Do not try to automate everything on day one. Start with the things that hurt most when done manually:

Type checking and linting. TypeScript catches entire categories of bugs at compile time. ESLint catches the rest. If these run on every PR, you eliminate 80% of "it works on my machine" issues.

Tests that matter. Not 100% code coverage, that is a vanity metric. Write tests for payment flows, authentication, data mutations, and anything where a bug costs you money or users. Skip tests for UI layout, copy changes, and CRUD endpoints with no business logic. Testing for GameLootBoxes focused entirely on the provably fair algorithm and payment processing, the two things that absolutely could not break. Everything else was covered by TypeScript and manual QA.

Preview deployments. Every PR should generate a live URL. Designers review without running code locally, QA tests without setting up a dev environment, stakeholders see progress without scheduling a demo. Vercel does this automatically. It is the highest ROI automation you will set up.

Database Migrations: The Part Everyone Forgets

Your CI/CD pipeline is only as good as your database migration strategy. Code deploys in seconds. A bad migration can lock your production database for minutes.

Rules we follow on every project:

- Every schema change is a migration file. No manual ALTER TABLE in production. Ever.

- Migrations must be backward compatible. Old code and new code should both work with the new schema during the deploy window. Add columns before using them. Remove usage before removing columns.

- Test migrations against production sized data. A migration that takes 50ms on your dev database with 100 rows might take 10 minutes on production with 5 million rows. Use `CREATE INDEX CONCURRENTLY`. Add columns as nullable first, backfill, then add constraints.

This is where most startups get burned. Not the CI/CD pipeline itself, the database decisions that run alongside it. Bad ones often force a rebuild vs refactor decision later.

Monitoring: Know If Your Deploy Worked

Deploying without monitoring is driving with your eyes closed. You will find out something went wrong, just not on your terms.

The minimum monitoring stack:

- Error tracking (Sentry): captures every unhandled exception with full stack traces, user context, and the deploy that introduced it. Set up Slack alerts for new errors.

- Uptime monitoring (Vercel Analytics or Checkly): pings your critical endpoints every minute. Alerts you before users notice.

- Core Web Vitals (Vercel Speed Insights): tracks real user performance metrics. Catches performance regressions that tests miss.

Set these up before your first production deploy. Not after. The pattern we have seen repeatedly: startup deploys, something breaks, no one notices for 6 hours, users churn. A $0-20/month monitoring stack prevents this entirely.

When to Level Up

You do not need Kubernetes. You do not need Terraform. You do not need a dedicated DevOps engineer. Not yet.

You need those things when:

- Multiple services need independent deployment schedules

- Compliance requirements demand infrastructure as code audit trails (SOC 2, HIPAA)

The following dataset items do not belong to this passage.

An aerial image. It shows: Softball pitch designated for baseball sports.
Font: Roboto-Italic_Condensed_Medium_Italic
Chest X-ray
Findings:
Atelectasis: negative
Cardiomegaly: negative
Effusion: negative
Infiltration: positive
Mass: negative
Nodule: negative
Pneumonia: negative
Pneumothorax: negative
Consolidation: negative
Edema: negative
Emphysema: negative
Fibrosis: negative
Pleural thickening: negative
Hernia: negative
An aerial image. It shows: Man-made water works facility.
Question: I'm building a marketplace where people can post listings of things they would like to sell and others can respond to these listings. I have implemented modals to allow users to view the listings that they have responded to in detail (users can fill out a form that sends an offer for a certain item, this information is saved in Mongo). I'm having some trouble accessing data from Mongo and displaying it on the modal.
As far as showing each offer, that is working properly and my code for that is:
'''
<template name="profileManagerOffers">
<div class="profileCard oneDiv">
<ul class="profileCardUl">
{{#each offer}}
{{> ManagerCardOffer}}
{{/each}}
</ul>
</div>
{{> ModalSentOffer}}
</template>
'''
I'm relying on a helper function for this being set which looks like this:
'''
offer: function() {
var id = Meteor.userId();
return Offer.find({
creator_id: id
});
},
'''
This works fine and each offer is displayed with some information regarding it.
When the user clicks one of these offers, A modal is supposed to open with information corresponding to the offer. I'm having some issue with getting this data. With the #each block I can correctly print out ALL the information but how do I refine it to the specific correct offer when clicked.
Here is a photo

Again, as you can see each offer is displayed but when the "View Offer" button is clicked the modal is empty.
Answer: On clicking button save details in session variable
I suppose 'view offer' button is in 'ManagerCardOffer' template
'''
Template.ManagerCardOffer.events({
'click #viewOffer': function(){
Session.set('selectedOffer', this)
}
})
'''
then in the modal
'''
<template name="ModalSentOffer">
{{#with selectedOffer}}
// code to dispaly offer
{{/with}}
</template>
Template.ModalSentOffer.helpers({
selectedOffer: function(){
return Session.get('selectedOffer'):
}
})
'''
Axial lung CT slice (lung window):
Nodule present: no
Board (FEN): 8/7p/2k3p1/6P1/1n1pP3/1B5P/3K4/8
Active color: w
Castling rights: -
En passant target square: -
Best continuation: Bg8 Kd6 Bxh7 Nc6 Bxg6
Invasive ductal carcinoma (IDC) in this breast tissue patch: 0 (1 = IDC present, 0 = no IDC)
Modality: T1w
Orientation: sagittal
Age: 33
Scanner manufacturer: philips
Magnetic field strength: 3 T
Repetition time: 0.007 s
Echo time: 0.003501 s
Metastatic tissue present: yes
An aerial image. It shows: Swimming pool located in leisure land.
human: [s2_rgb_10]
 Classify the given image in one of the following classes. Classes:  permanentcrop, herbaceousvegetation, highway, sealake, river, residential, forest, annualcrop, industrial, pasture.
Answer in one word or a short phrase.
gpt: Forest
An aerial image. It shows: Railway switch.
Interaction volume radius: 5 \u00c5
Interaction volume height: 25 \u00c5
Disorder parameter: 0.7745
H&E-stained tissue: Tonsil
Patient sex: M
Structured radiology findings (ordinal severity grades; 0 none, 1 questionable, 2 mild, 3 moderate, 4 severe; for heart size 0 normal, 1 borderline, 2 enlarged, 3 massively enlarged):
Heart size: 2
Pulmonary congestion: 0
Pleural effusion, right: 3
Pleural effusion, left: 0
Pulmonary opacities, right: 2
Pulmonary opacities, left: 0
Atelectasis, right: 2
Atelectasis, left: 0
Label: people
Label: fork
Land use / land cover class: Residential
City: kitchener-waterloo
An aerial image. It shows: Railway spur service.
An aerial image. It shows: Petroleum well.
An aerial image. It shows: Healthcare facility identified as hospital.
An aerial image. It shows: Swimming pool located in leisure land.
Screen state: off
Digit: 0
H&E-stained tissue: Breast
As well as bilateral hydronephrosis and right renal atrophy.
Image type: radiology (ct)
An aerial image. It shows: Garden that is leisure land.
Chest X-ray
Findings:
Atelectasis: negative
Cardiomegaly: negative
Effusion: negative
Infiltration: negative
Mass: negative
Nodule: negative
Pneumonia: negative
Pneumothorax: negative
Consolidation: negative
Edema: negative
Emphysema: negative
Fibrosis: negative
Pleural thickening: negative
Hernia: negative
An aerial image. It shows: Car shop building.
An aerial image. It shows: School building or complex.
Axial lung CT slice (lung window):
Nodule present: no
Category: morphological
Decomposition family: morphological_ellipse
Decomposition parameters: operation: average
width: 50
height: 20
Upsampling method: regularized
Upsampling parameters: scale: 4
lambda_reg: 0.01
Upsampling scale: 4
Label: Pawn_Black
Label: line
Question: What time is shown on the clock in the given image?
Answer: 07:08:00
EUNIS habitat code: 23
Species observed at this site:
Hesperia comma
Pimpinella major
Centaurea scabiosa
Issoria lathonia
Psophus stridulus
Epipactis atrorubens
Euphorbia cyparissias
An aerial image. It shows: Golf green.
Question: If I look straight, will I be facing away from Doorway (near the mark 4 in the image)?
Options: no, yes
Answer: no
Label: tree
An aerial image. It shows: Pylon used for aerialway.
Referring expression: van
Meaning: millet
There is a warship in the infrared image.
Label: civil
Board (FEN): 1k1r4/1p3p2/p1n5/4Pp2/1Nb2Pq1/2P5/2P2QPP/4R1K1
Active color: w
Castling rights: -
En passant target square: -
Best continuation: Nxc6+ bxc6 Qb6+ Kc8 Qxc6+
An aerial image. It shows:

- Traffic patterns require auto scaling beyond what your platform provides

- Your team is large enough (10+ engineers) that deployment coordination becomes a bottleneck

For most startups, that is 12-24 months after launch. Until then, the lean stack saves you weeks of configuration and thousands in infrastructure costs. When the time comes to level up, proper cloud and DevOps engineering pays for itself, migrating from simple to scalable without breaking what already works.

Ship Code, Not Config Files

Your CI/CD pipeline should take an afternoon to set up, not a sprint. If it is more complicated than push → test → deploy → monitor, you are over engineering it.

Start with GitHub Actions, Vercel, and basic monitoring. Get it running today. Add complexity only when you have outgrown it, you will know because the pain will be specific and measurable, not theoretical.